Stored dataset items
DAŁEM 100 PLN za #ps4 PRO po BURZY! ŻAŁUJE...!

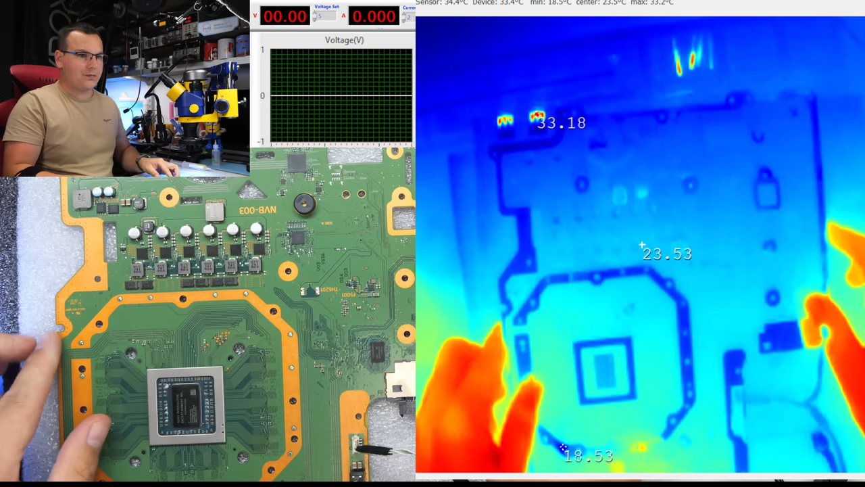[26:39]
Teraz się zastanawiam, poczekajcie. 5 V to wszystko. Cyk, cyk, cyk. I zasilacz. Korat. Puszczamy zasilanie. 3, 2, 1, go. I zobaczcie, płyta pobiera 80 mA i stoi w miejscu. Nie podoba mi się ten stan rzeczy. Myślę, że jak odwrócimy płytę, to będzie się PCH nagrzewał.
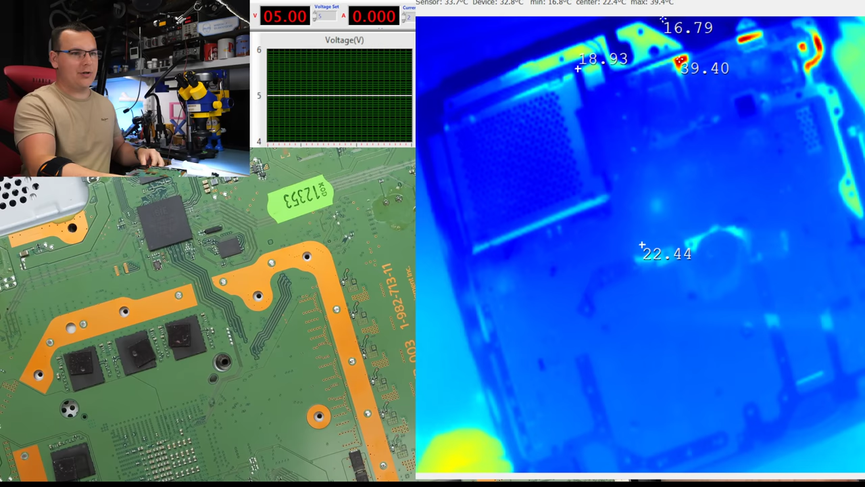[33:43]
No niestety, niestety, ale no nie jest kolorowo. Szkoda. Pika na eject, na power nie. Lipa.
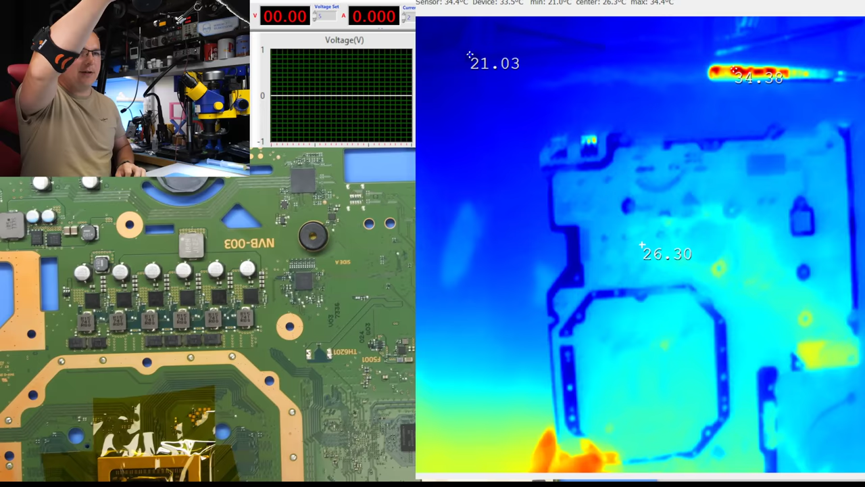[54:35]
On screen: max 34.4°C, min 21.0°C
Nie dzisiaj, nie przy tym materiale, chcę to pociągnąć do końca. Puszczamy jeszcze raz zasilanie. O! A, dobra, kabelki się gdzieś musiały tutaj zewrzeć, bo coś tutaj...
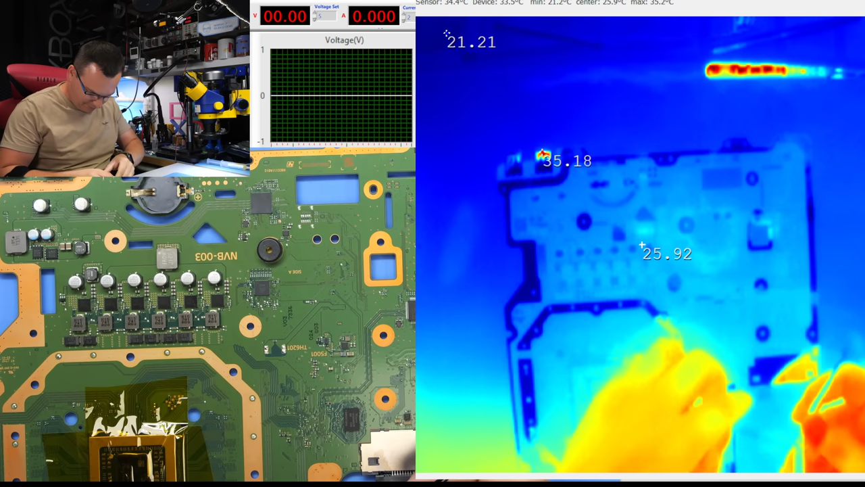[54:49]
Nie wiem gdzie, nie wiem jak, ale już nie ma zwarcia. Patrzcie na środek ekranu u góry. Jeszcze raz puszczam zasilanie. 18 mA pobiera.
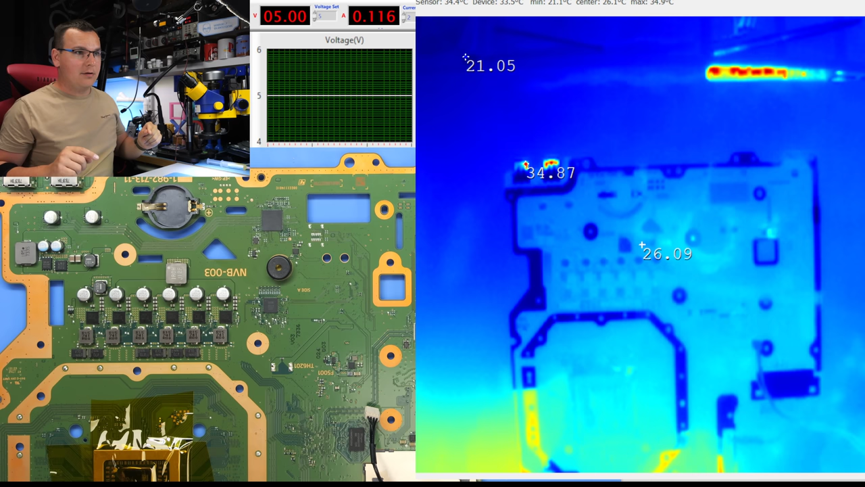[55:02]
116 i pytanie, czy zejdzie w dół. 92, 0,23. Jest dobrze, dobra.
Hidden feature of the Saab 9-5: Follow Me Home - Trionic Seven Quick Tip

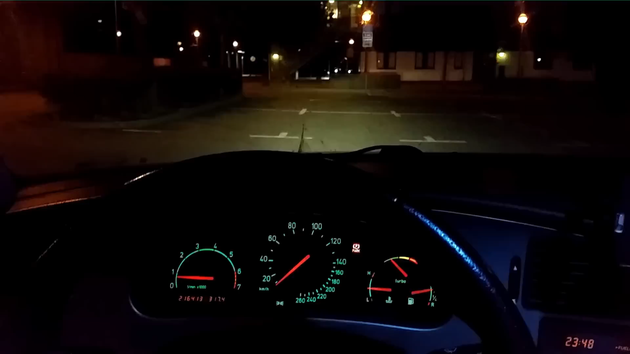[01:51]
So the car is running. The Xeon lights are enabled.

### Directions
I would like the data above transcribed exactly, with its pictures left out.

### Response for this exercise
DAŁEM 100 PLN za #ps4 PRO po BURZY! ŻAŁUJE...!

[26:39]
Teraz się zastanawiam, poczekajcie. 5 V to wszystko. Cyk, cyk, cyk. I zasilacz. Korat. Puszczamy zasilanie. 3, 2, 1, go. I zobaczcie, płyta pobiera 80 mA i stoi w miejscu. Nie podoba mi się ten stan rzeczy. Myślę, że jak odwrócimy płytę, to będzie się PCH nagrzewał.
[33:43]
No niestety, niestety, ale no nie jest kolorowo. Szkoda. Pika na eject, na power nie. Lipa.
[54:35]
On screen: max 34.4°C, min 21.0°C
Nie dzisiaj, nie przy tym materiale, chcę to pociągnąć do końca. Puszczamy jeszcze raz zasilanie. O! A, dobra, kabelki się gdzieś musiały tutaj zewrzeć, bo coś tutaj...
[54:49]
Nie wiem gdzie, nie wiem jak, ale już nie ma zwarcia. Patrzcie na środek ekranu u góry. Jeszcze raz puszczam zasilanie. 18 mA pobiera.
[55:02]
116 i pytanie, czy zejdzie w dół. 92, 0,23. Jest dobrze, dobra.
Hidden feature of the Saab 9-5: Follow Me Home - Trionic Seven Quick Tip

[01:51]
So the car is running. The Xeon lights are enabled.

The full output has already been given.